RECORDED DATA:
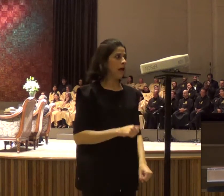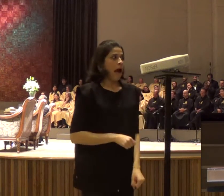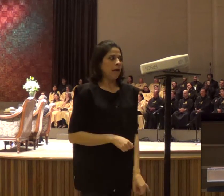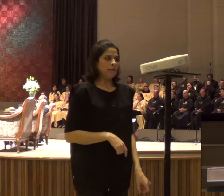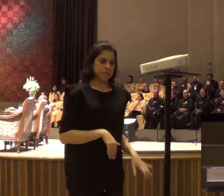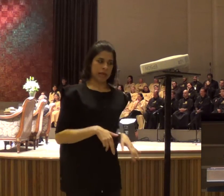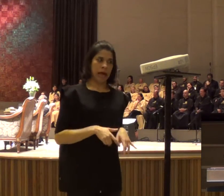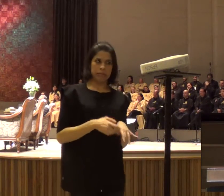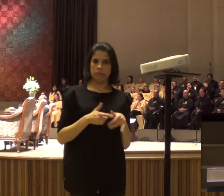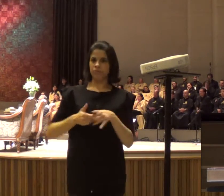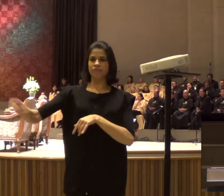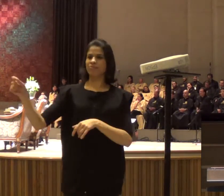da palavra de Deus,
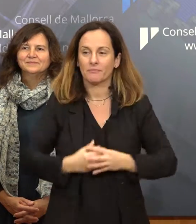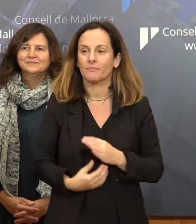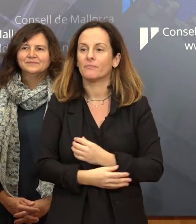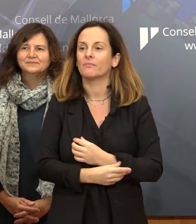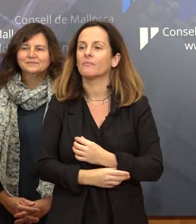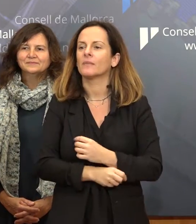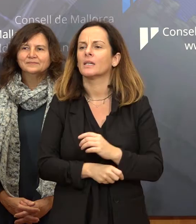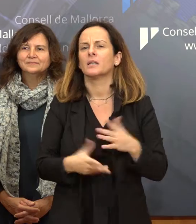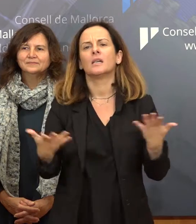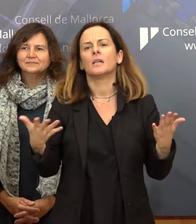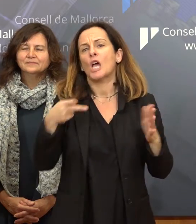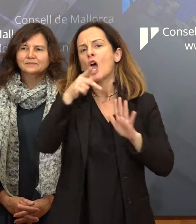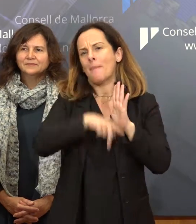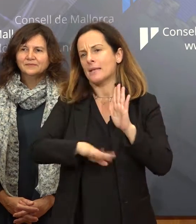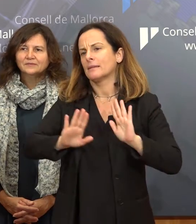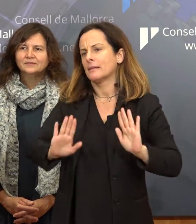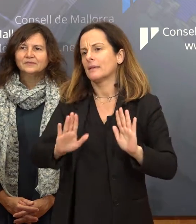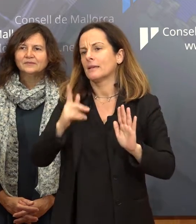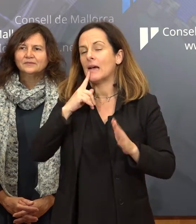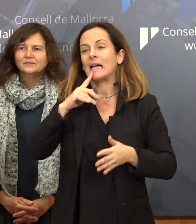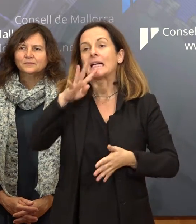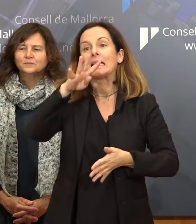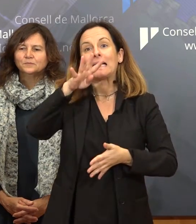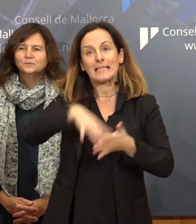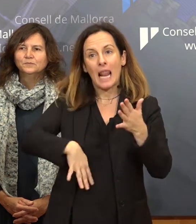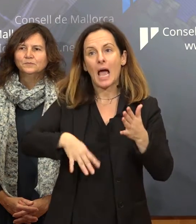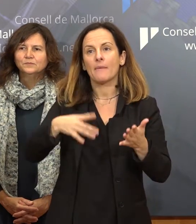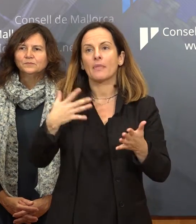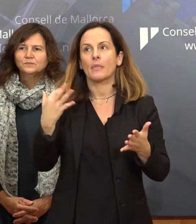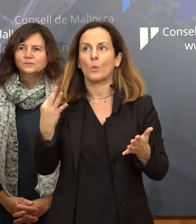ho he mirat les gràcies, però en aquestes imposicions el català serà un bé o un requisit?
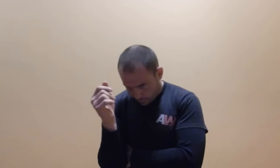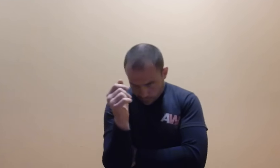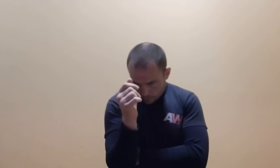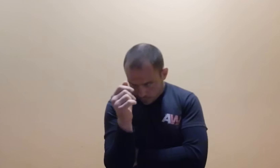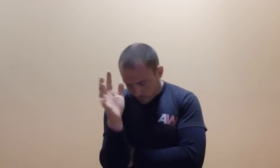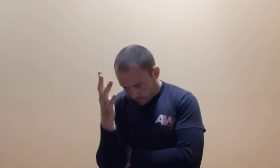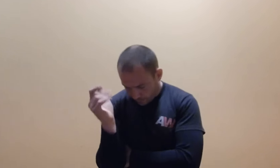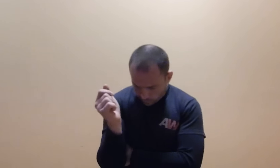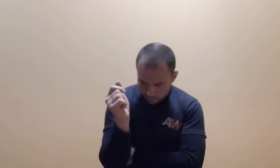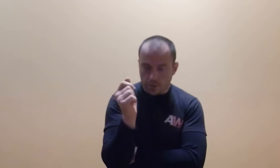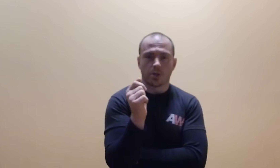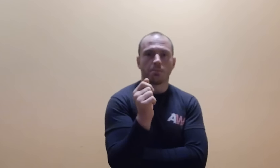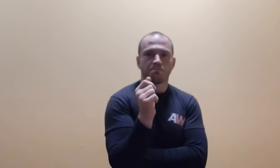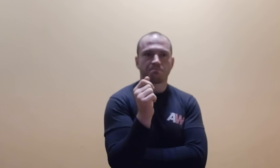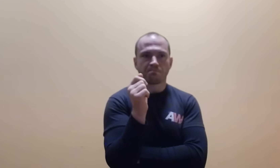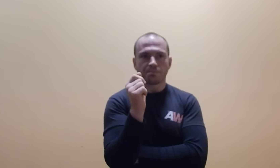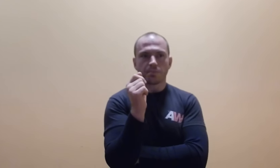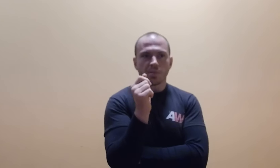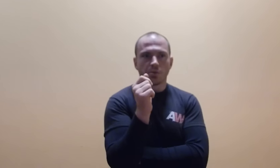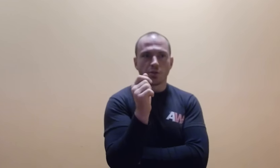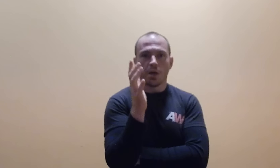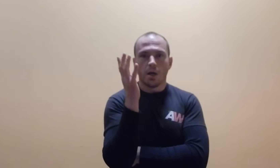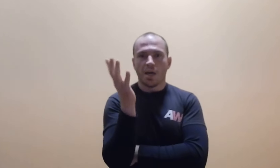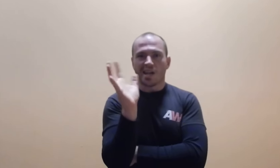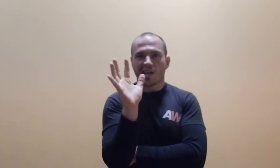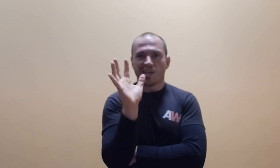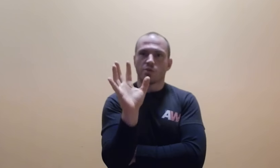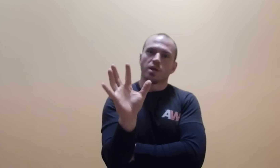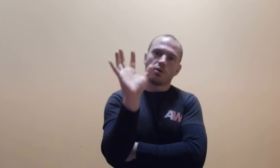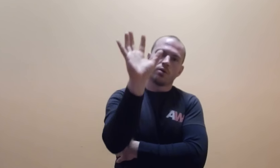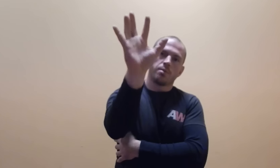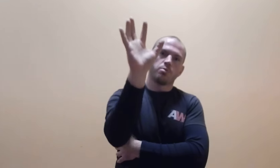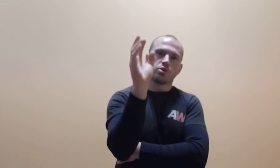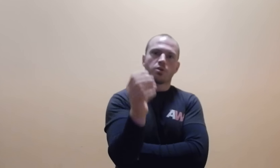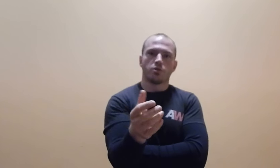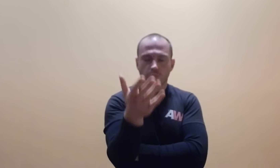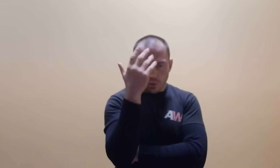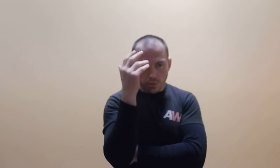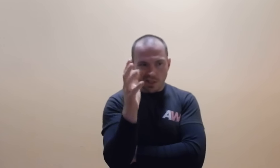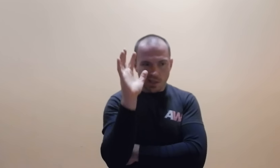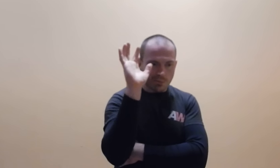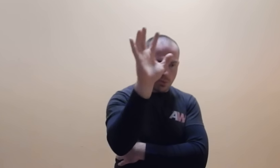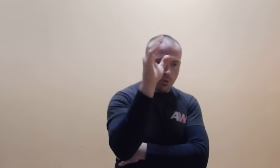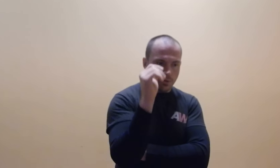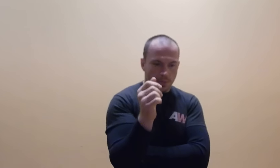tutaj, wiesz tam, ktoś, ręka jest tutaj. Ona mnie może chronić przed uderzeniem głową,

WHAT THE TASK ASKS: Since the pictures are not wanted, repeat only the rest of the material, exactly as given.

TASK ANSWER:
da palavra de Deus,
ho he mirat les gràcies, però en aquestes imposicions el català serà un bé o un requisit?
tutaj, wiesz tam, ktoś, ręka jest tutaj. Ona mnie może chronić przed uderzeniem głową,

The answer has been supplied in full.